Top of DATA FOR PROCESSING
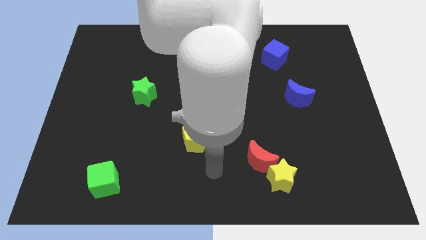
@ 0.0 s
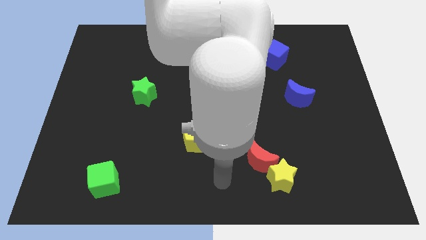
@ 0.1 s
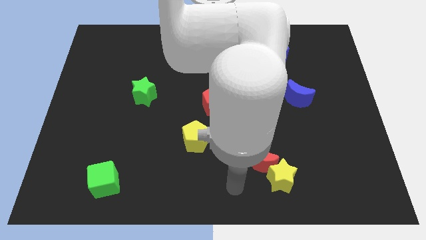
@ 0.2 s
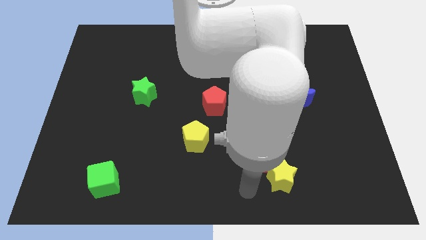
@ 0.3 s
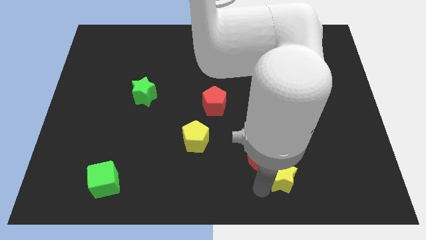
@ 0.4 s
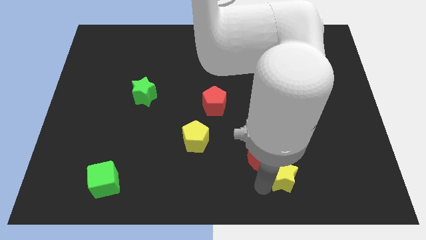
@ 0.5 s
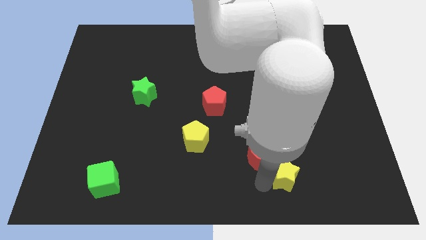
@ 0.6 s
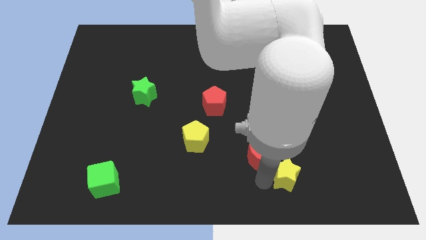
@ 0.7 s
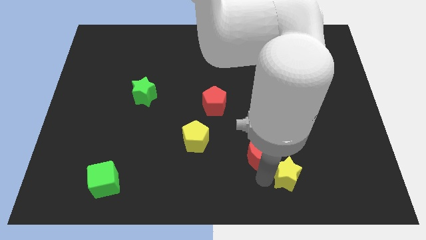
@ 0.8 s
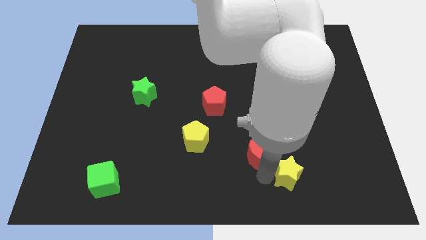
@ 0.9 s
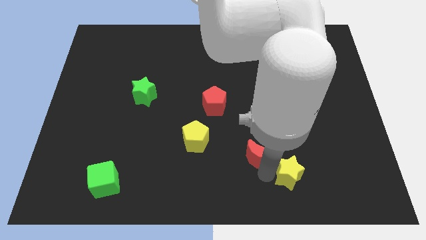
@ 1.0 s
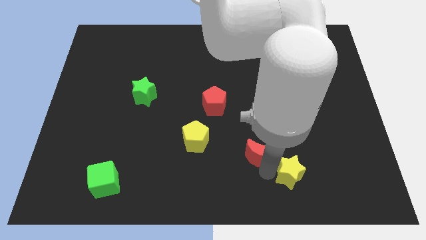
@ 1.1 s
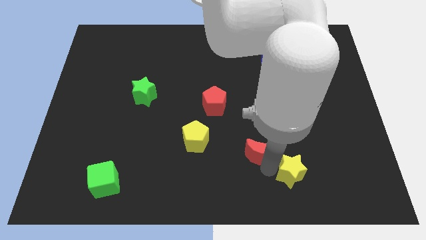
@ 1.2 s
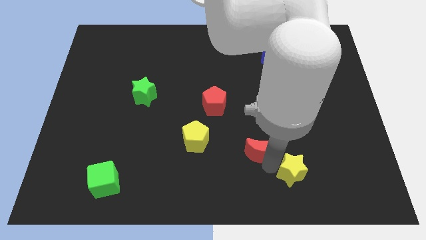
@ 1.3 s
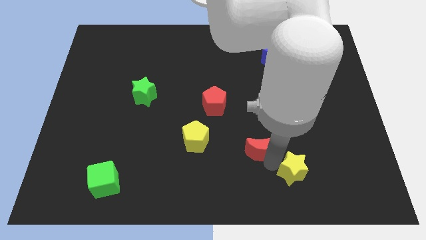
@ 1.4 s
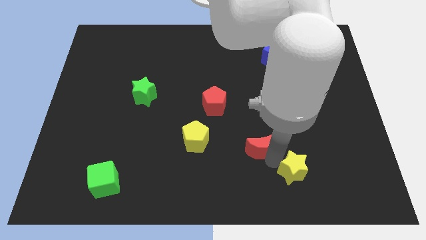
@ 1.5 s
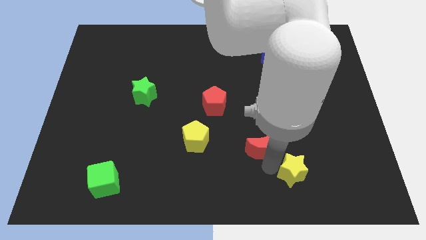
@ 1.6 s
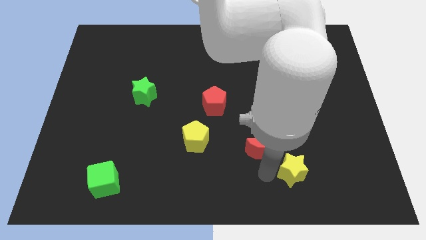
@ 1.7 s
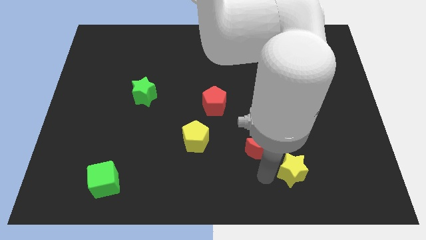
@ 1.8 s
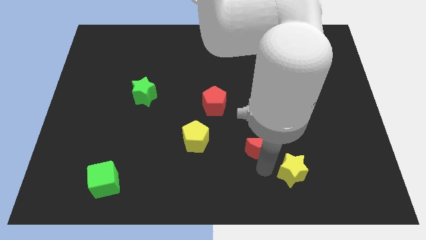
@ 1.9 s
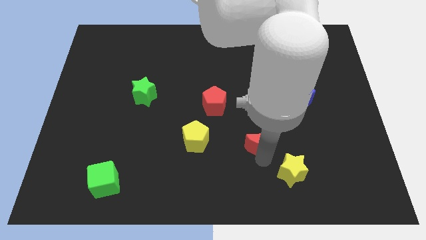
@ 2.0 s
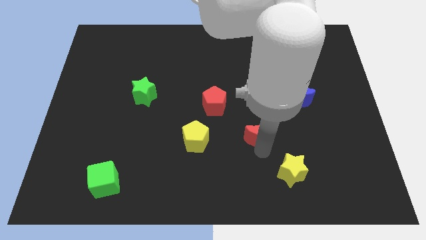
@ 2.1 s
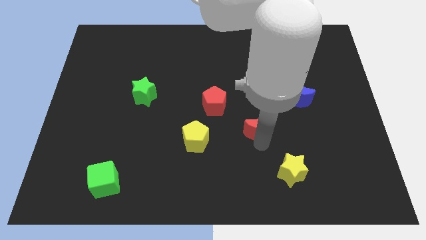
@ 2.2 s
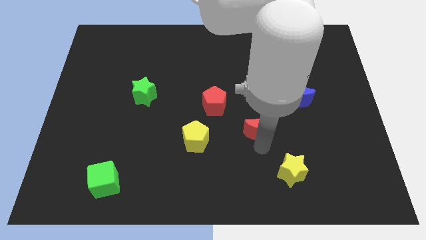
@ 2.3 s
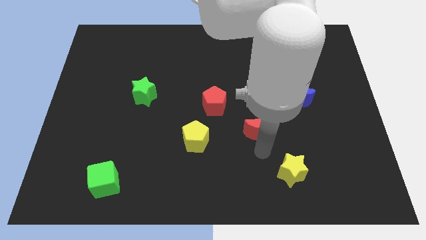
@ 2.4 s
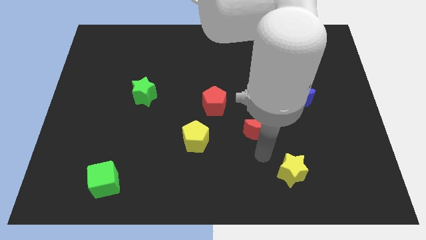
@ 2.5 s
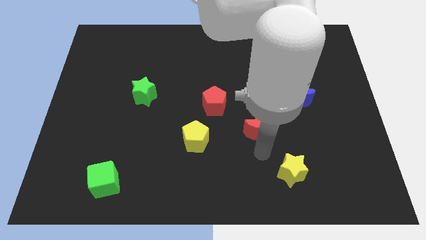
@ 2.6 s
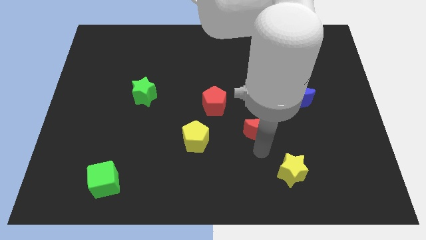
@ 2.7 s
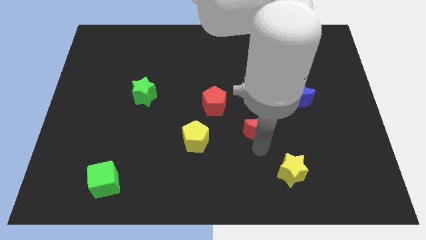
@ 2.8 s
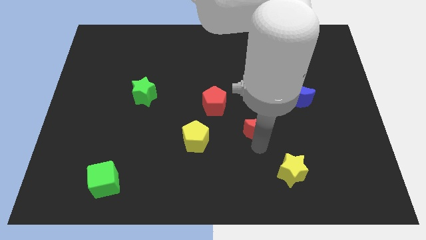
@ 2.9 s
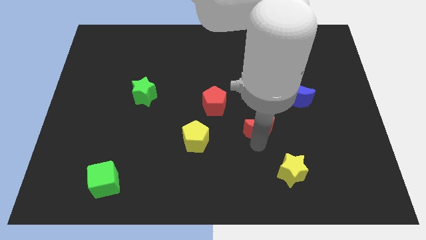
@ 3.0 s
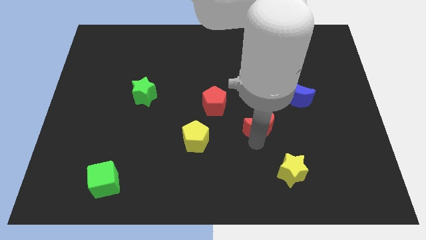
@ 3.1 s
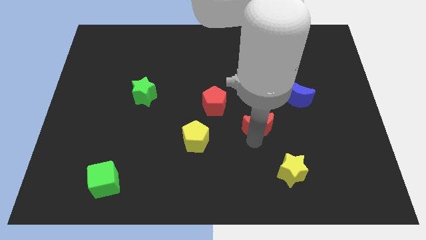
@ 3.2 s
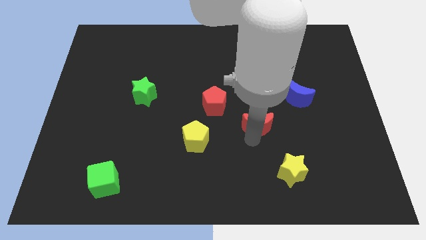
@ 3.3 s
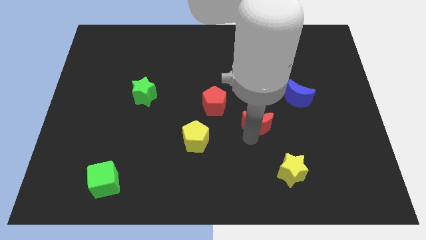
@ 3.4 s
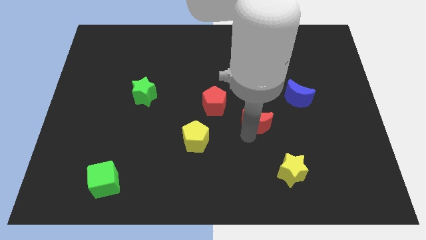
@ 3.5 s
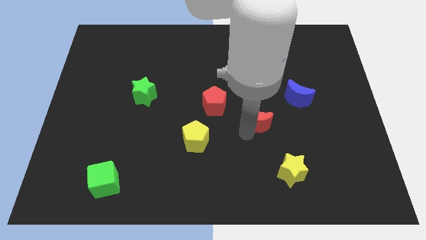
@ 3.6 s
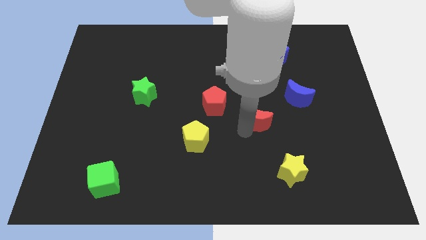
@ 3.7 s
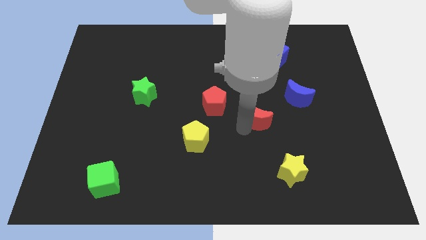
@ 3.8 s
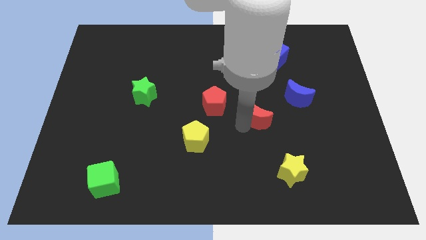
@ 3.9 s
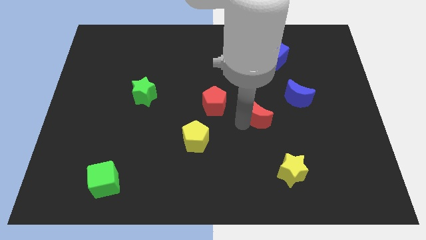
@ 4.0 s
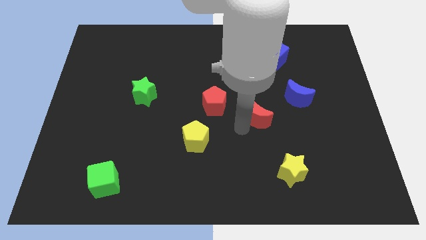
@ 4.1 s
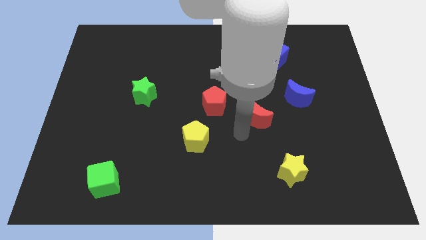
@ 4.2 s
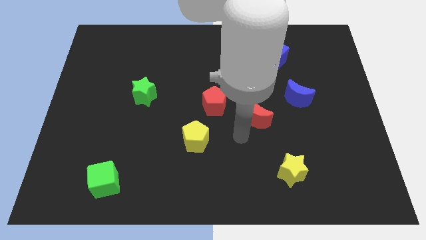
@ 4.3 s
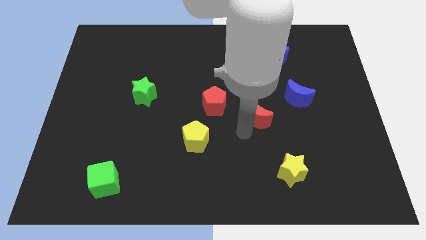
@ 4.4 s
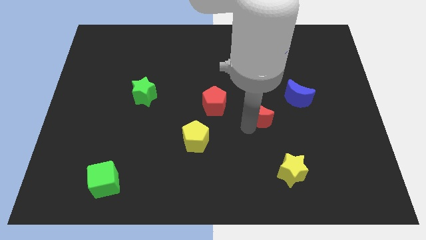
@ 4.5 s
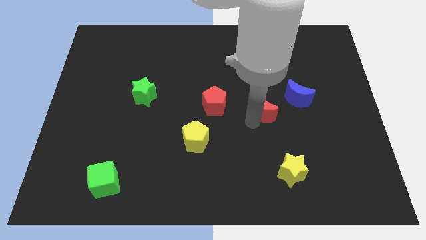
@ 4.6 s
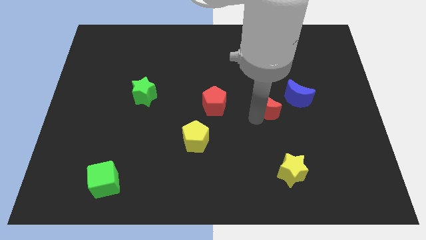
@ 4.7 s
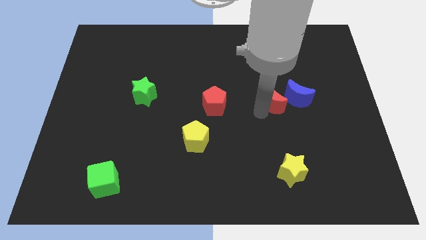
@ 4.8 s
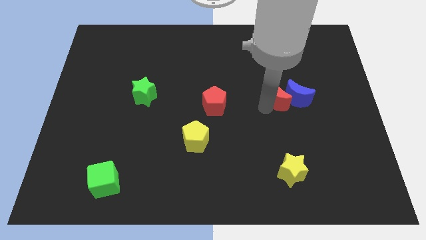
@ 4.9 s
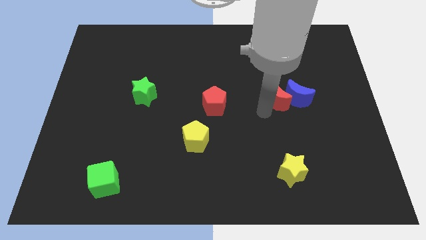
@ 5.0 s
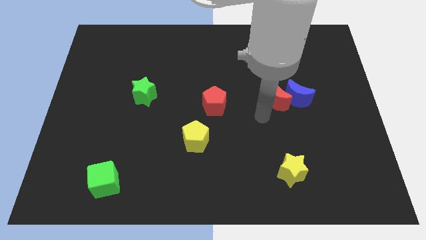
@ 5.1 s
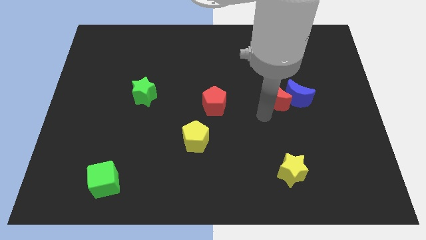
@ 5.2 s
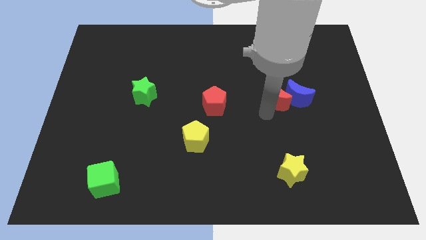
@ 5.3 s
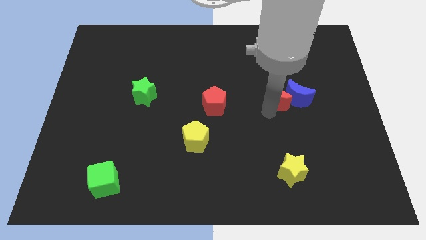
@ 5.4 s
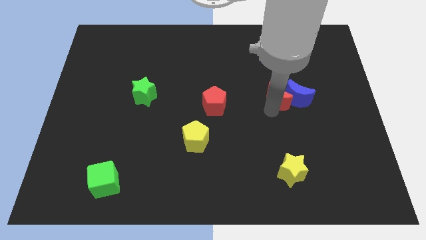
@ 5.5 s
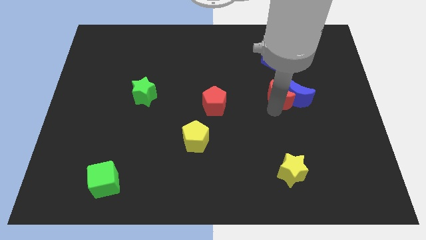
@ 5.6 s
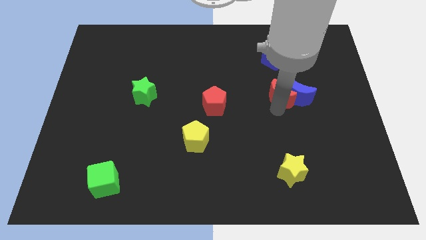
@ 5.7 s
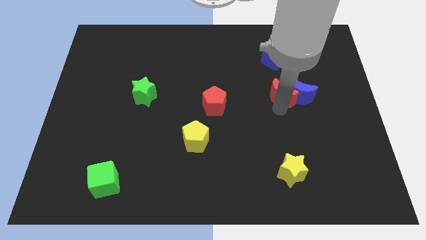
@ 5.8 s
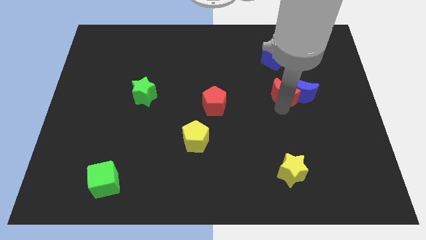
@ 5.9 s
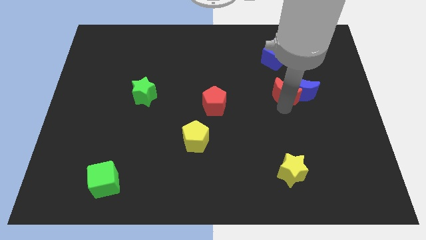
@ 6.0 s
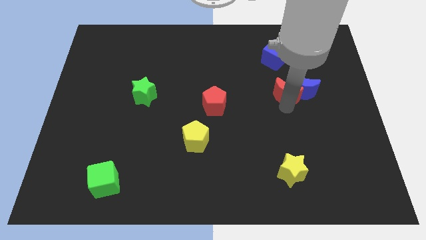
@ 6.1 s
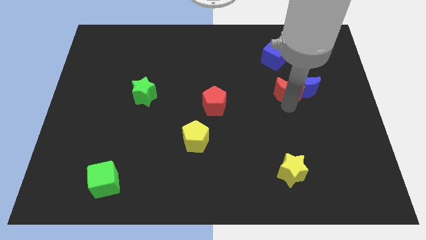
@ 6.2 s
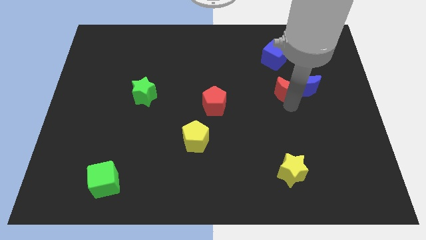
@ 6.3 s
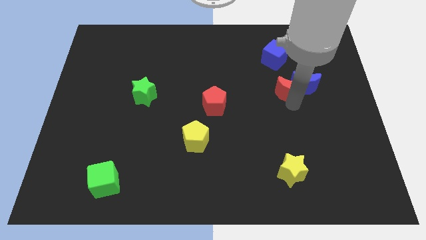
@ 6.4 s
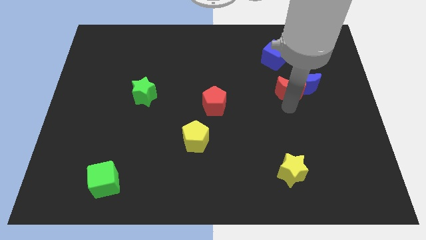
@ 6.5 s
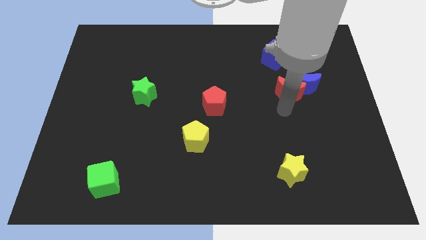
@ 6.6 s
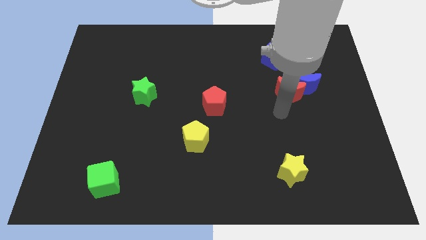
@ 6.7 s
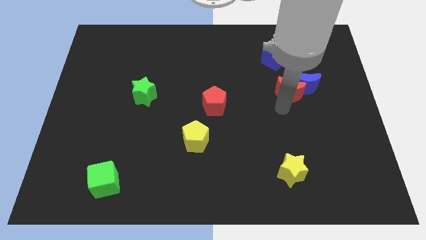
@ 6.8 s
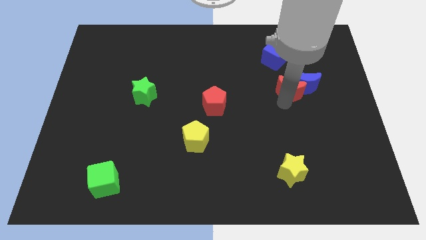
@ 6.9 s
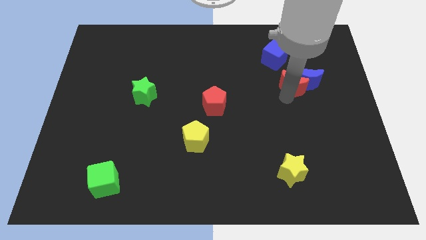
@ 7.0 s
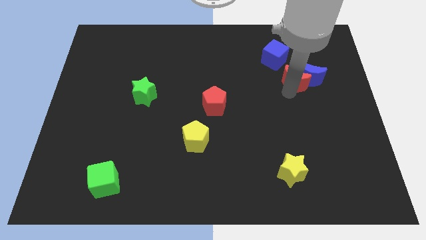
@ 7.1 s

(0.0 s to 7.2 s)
Bottom of DATA FOR PROCESSING
▶ **TASK REQUIREMENTS**: Leaving out the images, repeat the listing above exactly.

▶ **WORKED SOLUTION**:
@ 0.0 s
@ 0.1 s
@ 0.2 s
@ 0.3 s
@ 0.4 s
@ 0.5 s
@ 0.6 s
@ 0.7 s
@ 0.8 s
@ 0.9 s
@ 1.0 s
@ 1.1 s
@ 1.2 s
@ 1.3 s
@ 1.4 s
@ 1.5 s
@ 1.6 s
@ 1.7 s
@ 1.8 s
@ 1.9 s
@ 2.0 s
@ 2.1 s
@ 2.2 s
@ 2.3 s
@ 2.4 s
@ 2.5 s
@ 2.6 s
@ 2.7 s
@ 2.8 s
@ 2.9 s
@ 3.0 s
@ 3.1 s
@ 3.2 s
@ 3.3 s
@ 3.4 s
@ 3.5 s
@ 3.6 s
@ 3.7 s
@ 3.8 s
@ 3.9 s
@ 4.0 s
@ 4.1 s
@ 4.2 s
@ 4.3 s
@ 4.4 s
@ 4.5 s
@ 4.6 s
@ 4.7 s
@ 4.8 s
@ 4.9 s
@ 5.0 s
@ 5.1 s
@ 5.2 s
@ 5.3 s
@ 5.4 s
@ 5.5 s
@ 5.6 s
@ 5.7 s
@ 5.8 s
@ 5.9 s
@ 6.0 s
@ 6.1 s
@ 6.2 s
@ 6.3 s
@ 6.4 s
@ 6.5 s
@ 6.6 s
@ 6.7 s
@ 6.8 s
@ 6.9 s
@ 7.0 s
@ 7.1 s

(0.0 s to 7.2 s)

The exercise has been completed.